*Assigned task*. Every entry should be returned unchanged, with the pictures omitted.

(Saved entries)
============================================================

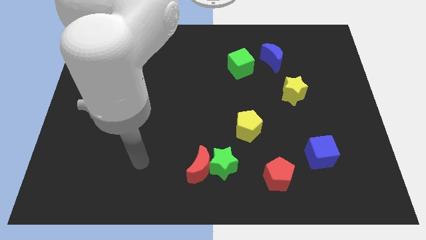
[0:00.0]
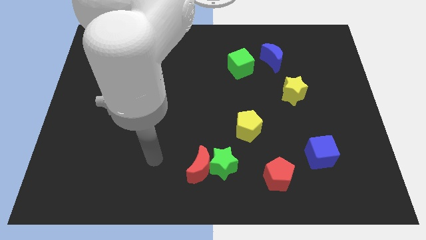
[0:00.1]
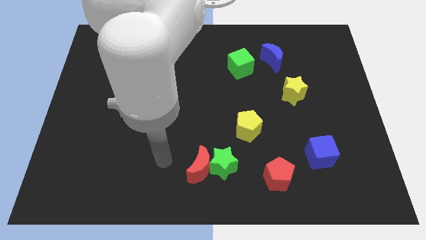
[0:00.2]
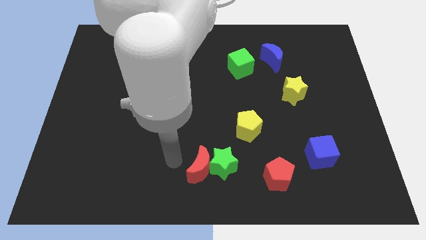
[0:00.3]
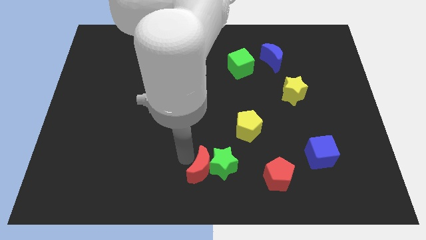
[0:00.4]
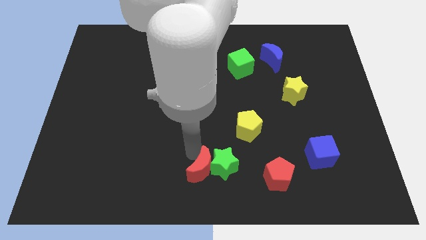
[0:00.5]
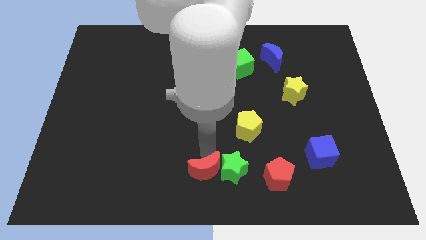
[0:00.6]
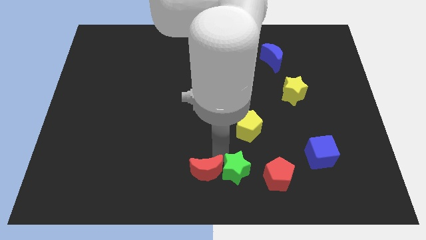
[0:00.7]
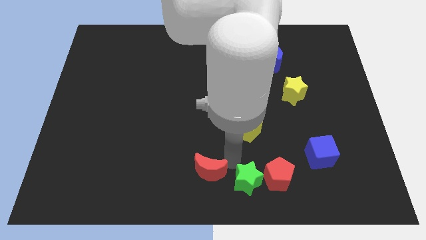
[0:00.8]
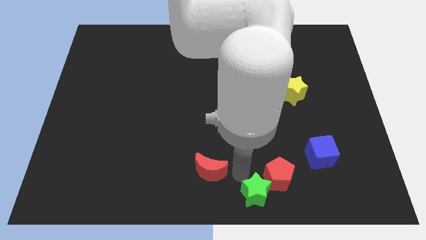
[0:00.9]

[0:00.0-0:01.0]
separate the red moon from the green star

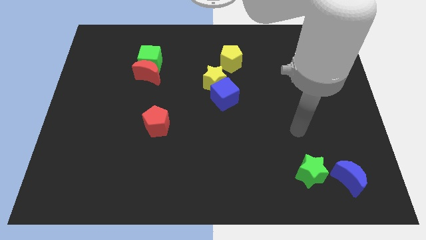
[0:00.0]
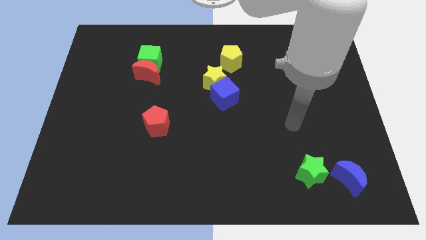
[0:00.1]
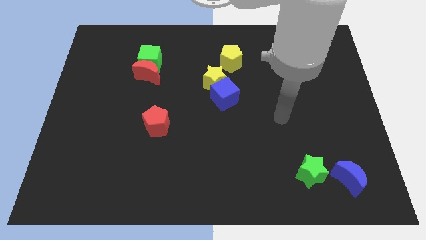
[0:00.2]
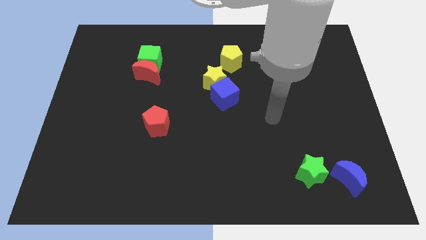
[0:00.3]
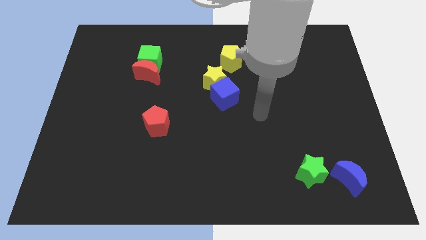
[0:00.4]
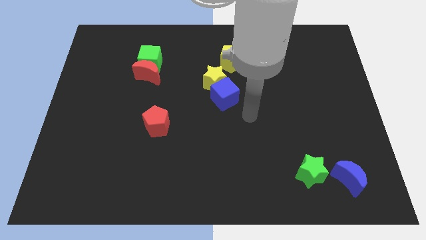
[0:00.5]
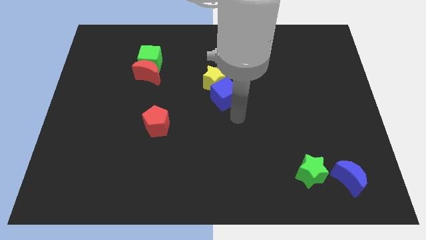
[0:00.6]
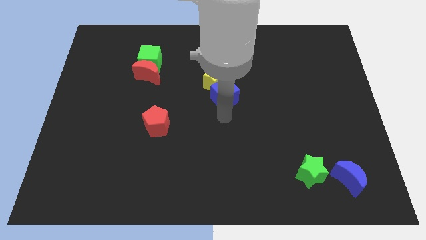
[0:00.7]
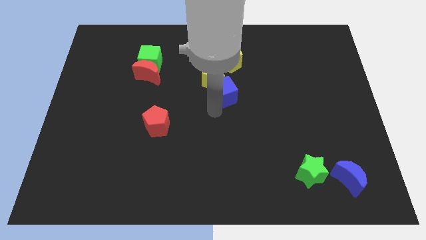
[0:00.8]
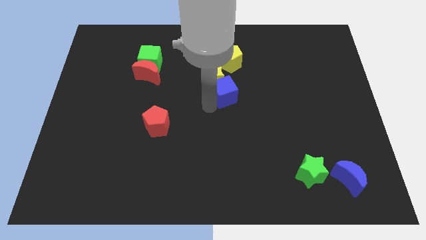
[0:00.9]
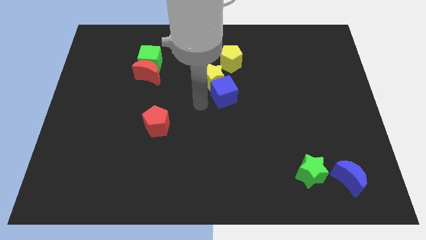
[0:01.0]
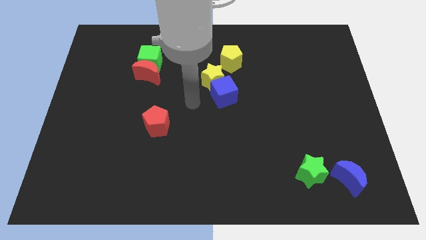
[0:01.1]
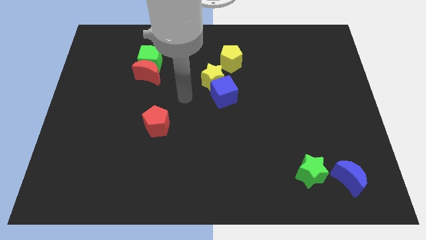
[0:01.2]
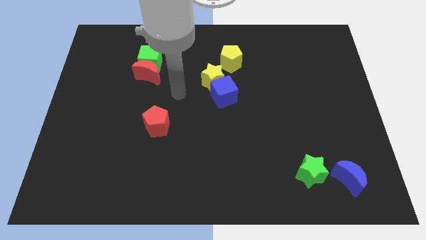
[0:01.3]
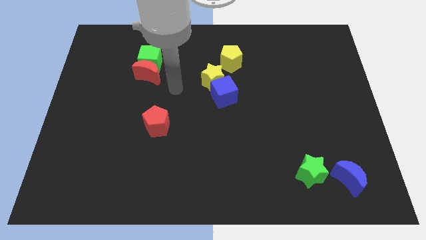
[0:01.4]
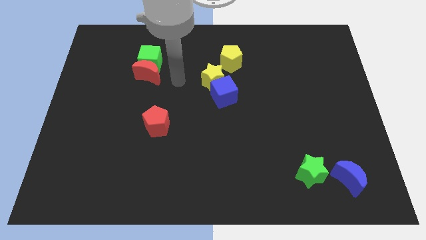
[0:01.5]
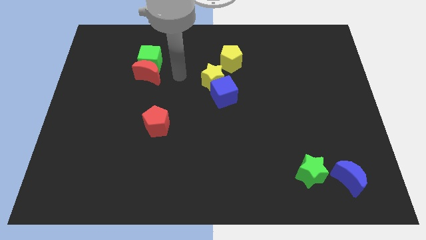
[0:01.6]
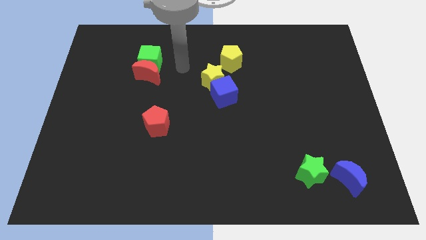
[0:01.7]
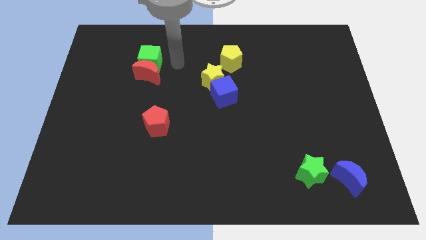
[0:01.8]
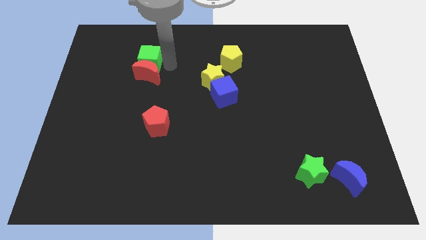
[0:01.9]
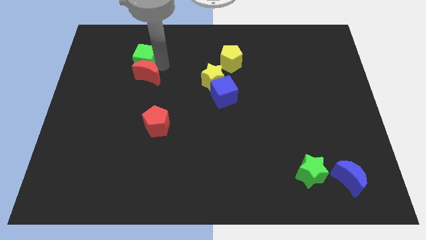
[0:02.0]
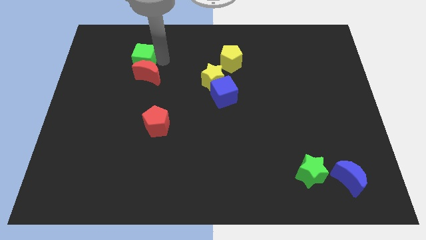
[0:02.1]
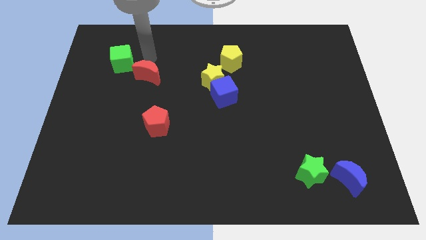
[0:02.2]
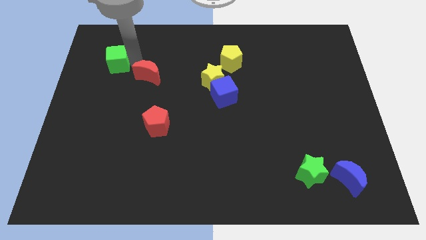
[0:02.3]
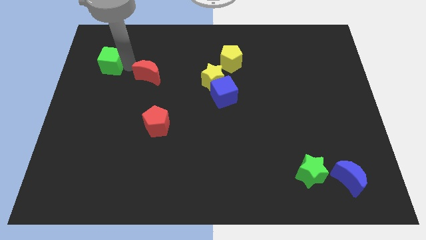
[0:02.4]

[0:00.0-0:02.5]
separate the red moon from the green cube

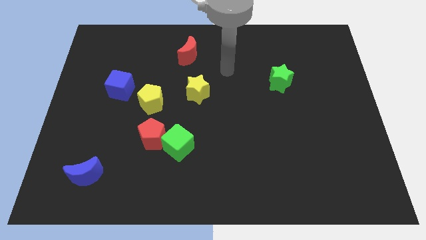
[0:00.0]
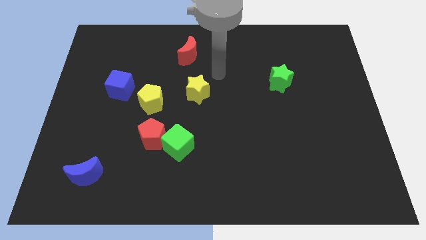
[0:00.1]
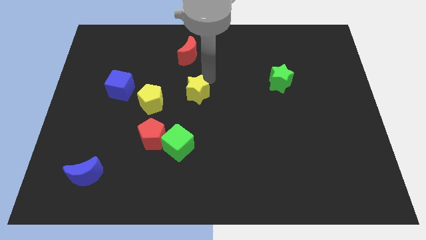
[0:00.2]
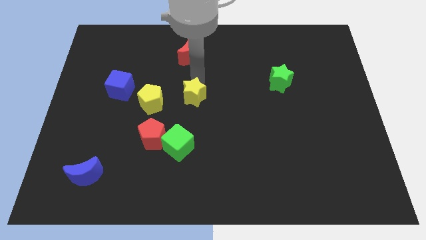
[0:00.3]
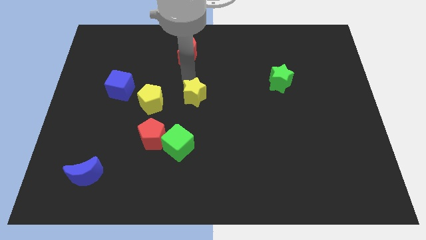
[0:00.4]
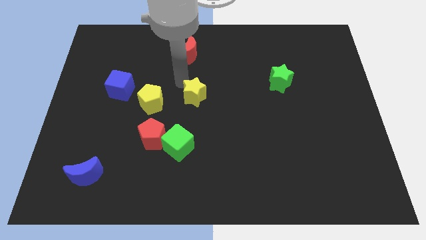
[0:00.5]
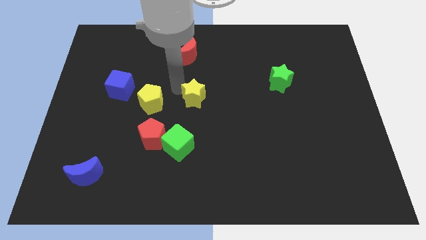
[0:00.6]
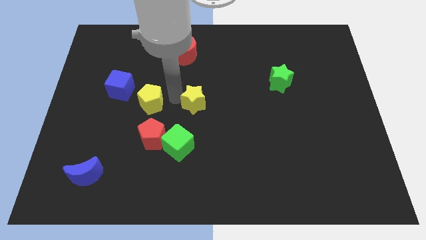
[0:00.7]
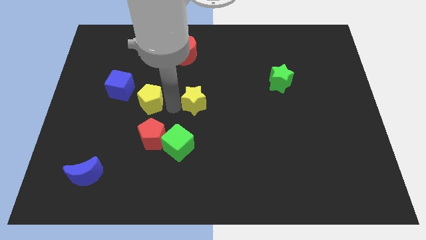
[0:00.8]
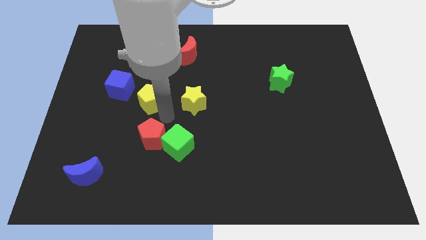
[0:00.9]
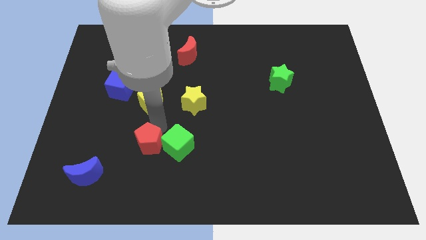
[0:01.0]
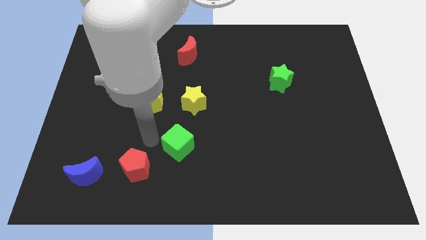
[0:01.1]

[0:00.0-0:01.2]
pull the green cube apart from the red pentagon

============================================================

*Your solution*.
[0:00.0]
[0:00.1]
[0:00.2]
[0:00.3]
[0:00.4]
[0:00.5]
[0:00.6]
[0:00.7]
[0:00.8]
[0:00.9]

[0:00.0-0:01.0]
separate the red moon from the green star

[0:00.0]
[0:00.1]
[0:00.2]
[0:00.3]
[0:00.4]
[0:00.5]
[0:00.6]
[0:00.7]
[0:00.8]
[0:00.9]
[0:01.0]
[0:01.1]
[0:01.2]
[0:01.3]
[0:01.4]
[0:01.5]
[0:01.6]
[0:01.7]
[0:01.8]
[0:01.9]
[0:02.0]
[0:02.1]
[0:02.2]
[0:02.3]
[0:02.4]

[0:00.0-0:02.5]
separate the red moon from the green cube

[0:00.0]
[0:00.1]
[0:00.2]
[0:00.3]
[0:00.4]
[0:00.5]
[0:00.6]
[0:00.7]
[0:00.8]
[0:00.9]
[0:01.0]
[0:01.1]

[0:00.0-0:01.2]
pull the green cube apart from the red pentagon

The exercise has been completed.